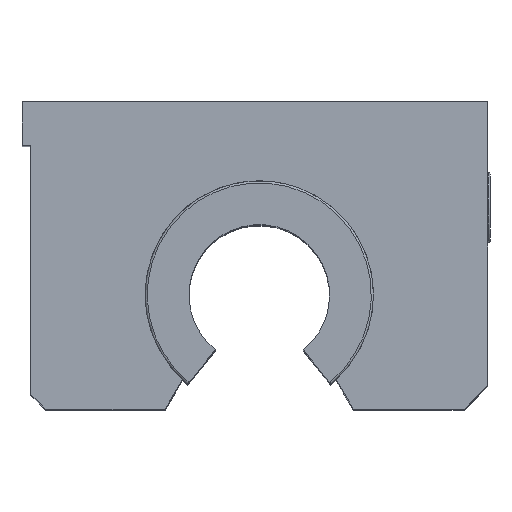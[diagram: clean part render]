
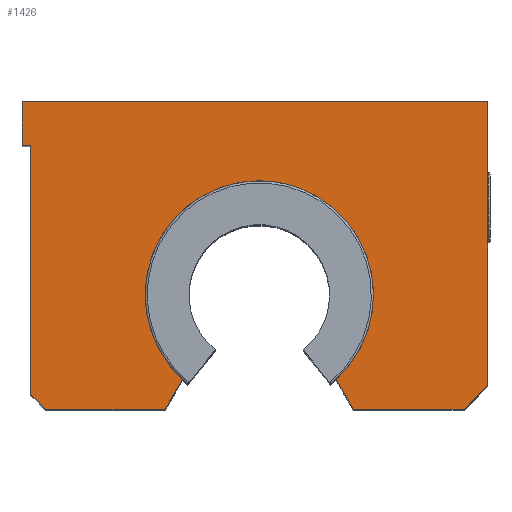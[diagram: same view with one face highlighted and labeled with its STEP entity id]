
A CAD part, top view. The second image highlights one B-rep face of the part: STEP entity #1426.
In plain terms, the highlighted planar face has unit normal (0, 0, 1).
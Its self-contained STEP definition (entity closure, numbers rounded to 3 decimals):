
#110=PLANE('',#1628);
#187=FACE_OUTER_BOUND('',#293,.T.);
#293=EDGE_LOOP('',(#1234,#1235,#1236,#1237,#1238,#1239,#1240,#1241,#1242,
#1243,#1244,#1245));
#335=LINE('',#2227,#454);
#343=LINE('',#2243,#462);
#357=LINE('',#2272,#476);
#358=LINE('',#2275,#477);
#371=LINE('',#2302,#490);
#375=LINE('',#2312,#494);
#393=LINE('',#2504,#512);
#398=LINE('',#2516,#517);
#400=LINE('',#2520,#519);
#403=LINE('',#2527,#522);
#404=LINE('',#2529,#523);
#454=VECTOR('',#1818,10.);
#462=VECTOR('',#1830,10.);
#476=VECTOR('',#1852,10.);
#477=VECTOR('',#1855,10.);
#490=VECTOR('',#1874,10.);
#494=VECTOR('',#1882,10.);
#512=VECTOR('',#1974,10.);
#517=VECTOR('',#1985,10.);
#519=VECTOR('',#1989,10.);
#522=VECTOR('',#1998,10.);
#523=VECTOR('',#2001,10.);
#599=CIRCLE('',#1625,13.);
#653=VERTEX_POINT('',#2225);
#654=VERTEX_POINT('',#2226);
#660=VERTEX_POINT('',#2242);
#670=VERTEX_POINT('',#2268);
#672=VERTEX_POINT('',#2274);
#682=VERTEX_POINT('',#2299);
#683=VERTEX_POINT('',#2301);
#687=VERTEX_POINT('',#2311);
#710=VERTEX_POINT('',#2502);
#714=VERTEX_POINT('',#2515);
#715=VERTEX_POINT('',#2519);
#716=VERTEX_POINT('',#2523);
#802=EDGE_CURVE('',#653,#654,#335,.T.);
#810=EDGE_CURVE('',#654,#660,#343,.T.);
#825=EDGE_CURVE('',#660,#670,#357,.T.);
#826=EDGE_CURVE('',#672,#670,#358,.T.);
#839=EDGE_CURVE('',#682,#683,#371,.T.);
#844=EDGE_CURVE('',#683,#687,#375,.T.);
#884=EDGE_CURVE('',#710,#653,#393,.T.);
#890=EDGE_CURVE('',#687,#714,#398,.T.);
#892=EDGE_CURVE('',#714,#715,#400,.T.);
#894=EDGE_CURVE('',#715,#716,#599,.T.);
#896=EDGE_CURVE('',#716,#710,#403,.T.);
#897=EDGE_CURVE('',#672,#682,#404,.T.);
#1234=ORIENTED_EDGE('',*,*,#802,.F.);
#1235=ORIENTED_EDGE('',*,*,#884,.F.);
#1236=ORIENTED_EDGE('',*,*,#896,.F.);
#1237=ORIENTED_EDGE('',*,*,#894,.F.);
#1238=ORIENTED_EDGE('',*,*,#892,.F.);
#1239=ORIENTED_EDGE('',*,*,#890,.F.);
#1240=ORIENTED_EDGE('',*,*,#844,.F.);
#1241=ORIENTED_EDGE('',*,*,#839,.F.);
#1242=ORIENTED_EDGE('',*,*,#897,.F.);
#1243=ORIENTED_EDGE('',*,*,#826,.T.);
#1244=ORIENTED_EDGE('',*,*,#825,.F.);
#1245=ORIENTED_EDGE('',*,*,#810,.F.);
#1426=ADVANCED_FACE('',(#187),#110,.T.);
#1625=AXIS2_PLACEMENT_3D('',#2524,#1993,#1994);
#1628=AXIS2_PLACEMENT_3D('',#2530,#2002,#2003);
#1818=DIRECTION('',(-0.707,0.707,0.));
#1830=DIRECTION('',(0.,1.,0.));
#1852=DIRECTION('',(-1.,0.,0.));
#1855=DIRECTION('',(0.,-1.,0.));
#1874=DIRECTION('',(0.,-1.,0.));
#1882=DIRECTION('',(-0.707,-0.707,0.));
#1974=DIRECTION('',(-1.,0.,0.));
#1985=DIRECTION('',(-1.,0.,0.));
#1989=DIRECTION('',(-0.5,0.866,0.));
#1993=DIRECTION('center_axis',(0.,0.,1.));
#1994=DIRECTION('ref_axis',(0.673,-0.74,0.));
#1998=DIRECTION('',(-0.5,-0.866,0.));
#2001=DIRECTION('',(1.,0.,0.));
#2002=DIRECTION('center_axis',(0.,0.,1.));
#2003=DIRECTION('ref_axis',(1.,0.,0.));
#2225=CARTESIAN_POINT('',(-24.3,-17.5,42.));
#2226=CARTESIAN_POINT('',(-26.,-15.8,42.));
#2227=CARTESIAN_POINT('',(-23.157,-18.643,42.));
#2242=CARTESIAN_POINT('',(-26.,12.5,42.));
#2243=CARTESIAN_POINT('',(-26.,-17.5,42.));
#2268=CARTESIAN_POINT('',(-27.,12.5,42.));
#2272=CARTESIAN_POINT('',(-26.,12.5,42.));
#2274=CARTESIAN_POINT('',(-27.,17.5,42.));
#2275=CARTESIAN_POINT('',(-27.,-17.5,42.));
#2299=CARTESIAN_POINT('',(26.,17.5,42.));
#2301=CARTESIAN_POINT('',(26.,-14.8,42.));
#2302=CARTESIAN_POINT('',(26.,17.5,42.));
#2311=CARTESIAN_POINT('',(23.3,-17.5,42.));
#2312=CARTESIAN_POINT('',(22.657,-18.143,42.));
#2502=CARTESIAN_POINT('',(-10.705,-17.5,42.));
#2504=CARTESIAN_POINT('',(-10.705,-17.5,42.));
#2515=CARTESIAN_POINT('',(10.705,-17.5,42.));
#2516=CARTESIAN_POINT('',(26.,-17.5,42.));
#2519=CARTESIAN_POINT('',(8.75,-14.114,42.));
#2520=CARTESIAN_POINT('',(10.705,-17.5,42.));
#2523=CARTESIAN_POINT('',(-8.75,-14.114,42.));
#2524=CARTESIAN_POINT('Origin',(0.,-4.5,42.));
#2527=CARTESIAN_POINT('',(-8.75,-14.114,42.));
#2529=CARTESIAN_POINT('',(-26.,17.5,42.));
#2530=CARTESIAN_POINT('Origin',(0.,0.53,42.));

--

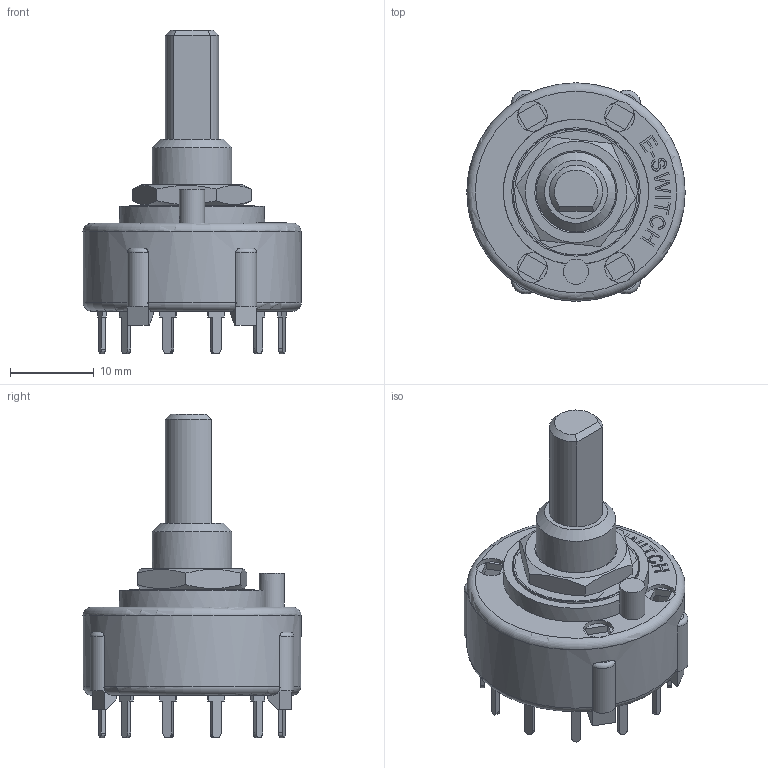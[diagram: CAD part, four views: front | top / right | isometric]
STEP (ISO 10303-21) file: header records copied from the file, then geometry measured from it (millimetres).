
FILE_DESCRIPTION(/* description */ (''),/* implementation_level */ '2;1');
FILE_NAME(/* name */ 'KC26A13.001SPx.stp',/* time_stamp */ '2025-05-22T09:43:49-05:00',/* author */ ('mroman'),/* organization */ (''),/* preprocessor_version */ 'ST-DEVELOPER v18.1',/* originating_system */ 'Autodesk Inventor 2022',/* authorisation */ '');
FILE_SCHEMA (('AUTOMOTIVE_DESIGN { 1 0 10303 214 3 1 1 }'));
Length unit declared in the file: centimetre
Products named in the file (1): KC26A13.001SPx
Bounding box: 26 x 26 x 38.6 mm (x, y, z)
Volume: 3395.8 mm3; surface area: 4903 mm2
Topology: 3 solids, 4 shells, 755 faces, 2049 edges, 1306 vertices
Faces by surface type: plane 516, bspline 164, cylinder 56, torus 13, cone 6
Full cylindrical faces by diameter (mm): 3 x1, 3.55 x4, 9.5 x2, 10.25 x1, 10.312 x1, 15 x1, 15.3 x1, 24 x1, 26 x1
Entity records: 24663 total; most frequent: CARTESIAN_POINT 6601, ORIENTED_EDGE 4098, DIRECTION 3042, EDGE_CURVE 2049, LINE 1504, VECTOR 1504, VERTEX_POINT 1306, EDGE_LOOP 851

▶ [Exercise]: Show the lines where the word "surface" appears in the entries.

▶ [Response]:
Volume: 3395.8 mm3; surface area: 4903 mm2
Faces by surface type: plane 516, bspline 164, cylinder 56, torus 13, cone 6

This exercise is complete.